In Zambia -- in Zambia the government partnered with us, and then the people came out of Angola in the times of war still. They were demobilized and sent much farther away in a separate camp for former Soviets.  So we have improved these practices.  But now comes my last remark.  It's an illusion to think that nothing can go wrong if you have done this separation.  If young people hang around in these camps, and there is not a perspective, you run the risk that they are available to become partners in crime, you might say, to start to belong, or to belong again, to armed groups.  And there is the connection with my plea, with my battle you might say, to find solutions for protected situations.  Every year you continue with such a camp you run a risk that a certain percentage walks out in the wrong direction.  Thank you.  (Applause.)

 

MR. KEPPLER:  I want to thank our distinguished guest speaker, and Assistant Secretary Dewey.  I think it was a great program that shed a light on a very important part of the world.

 

This is the third program that I've done on Africa since taking over as chairman the Open Forum.  And most of the programs have focused on problems and challenges within Africa, and the question comes up often:  Does Africa matter?  And I think with a resounding yes that it the answer. 

 

(Short audio break for tape flip.)  In the Secretary's Open Forum, along with the Africa Society and the World Affairs Council of Washington, DC, we are going to do a full-day program, a full immersion on Africa.  We're going to involve about 800 students from the Washington metropolitan area as well as educators.  And, as I said, we'll have a full day immersion.  All the ambassadors from the diplomatic missions here in Washington, DC, will be invited to set up an exhibit in our exhibit hall to explain and project their own country in their own terms, and to respond to the questions of the students.  The cornerstone of the program to which members of the State Department or employees of the State Department USAID can attend, it's going to do an "It's Academic" program, and we're going to focus the entire program on questions about Africa, taking the leading students from Washington, Virginia and the District, and the program is going to be the regular TV program -- it will be shown again on Saturday morning.  So please stay tuned for that program.  That will be on September 17.

 

In the meantime, next week, next Tuesday, May 25, I'll be hosting Ms.
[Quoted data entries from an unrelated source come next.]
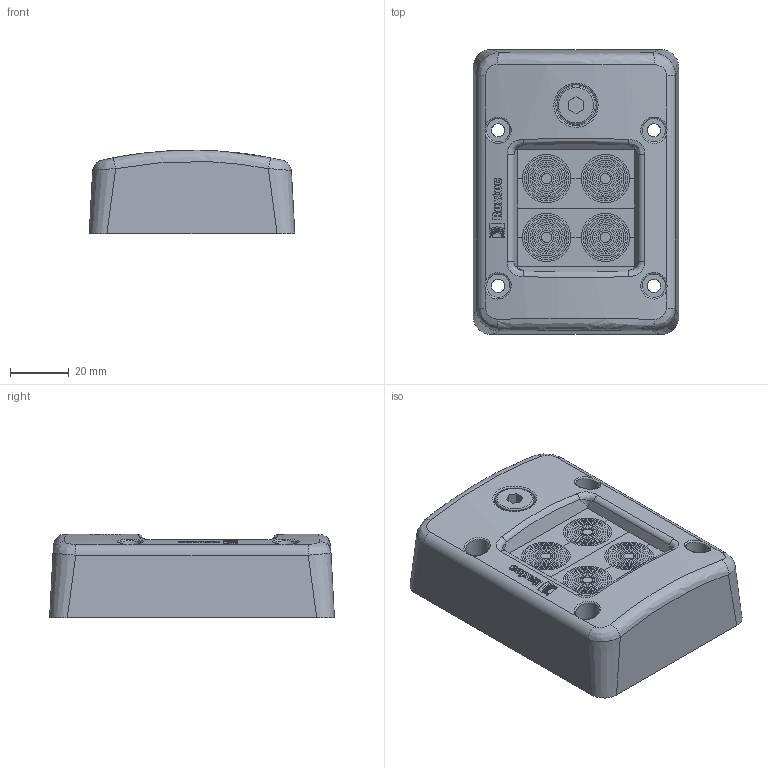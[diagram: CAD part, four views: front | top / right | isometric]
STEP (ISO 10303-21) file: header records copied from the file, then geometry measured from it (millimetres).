
FILE_DESCRIPTION(/* description */ (''),/* implementation_level */ '2;1');
FILE_NAME(/* name */ 'EZ00000000044.stp',/* time_stamp */ '2021-01-21T16:25:02+01:00',/* author */ ('LA'),/* organization */ (''),/* preprocessor_version */ 'ST-DEVELOPER v17.2',/* originating_system */ 'Autodesk Inventor 2019',/* authorisation */ '');
FILE_SCHEMA (('AUTOMOTIVE_DESIGN { 1 0 10303 214 3 1 1 }'));
Length unit declared in the file: centimetre
Products named in the file (1): Part15
Bounding box: 70 x 97 x 28.5 mm (x, y, z)
Volume: 159516 mm3; surface area: 23916.8 mm2
Topology: 1 solids, 1 shells, 366 faces, 868 edges, 518 vertices
Faces by surface type: plane 259, bspline 70, cylinder 32, cone 4, torus 1
Full cylindrical faces by diameter (mm): 4.5 x4, 8 x4, 13 x1, 14 x1
Entity records: 12983 total; most frequent: CARTESIAN_POINT 4425, ORIENTED_EDGE 1730, DIRECTION 1606, EDGE_CURVE 865, AXIS2_PLACEMENT_3D 590, VERTEX_POINT 519, LINE 426, VECTOR 426

Angelina Jolie, UNHCR good-will ambassador.  In addition to being a well renowned and award-winning movie star, she also is a very committed humanitarian, and Tuesday's program will be called "Trading Women," and it will focus on the trafficking in persons and the sexual exploitation of people.  Because of the unusual demand to attend that program, State Department employees also have to fill out a registration form so we can keep control of the numbers.  Seating will be on a first-come-first-serve basis.

 

And then, lastly, on June 25, I'll be hosting the president of the Inter-American Development Bank, Mr. Enrique Iglesias, and we'll be talking about economic development and the ancillary political issues that arise out of the economic and political situation in Latin America.  So I hope you'll circle your calendar.  I hope you'll join us for a program that will be just as interesting and as mentally invigorating as today's.   And once again I want to thank our guests.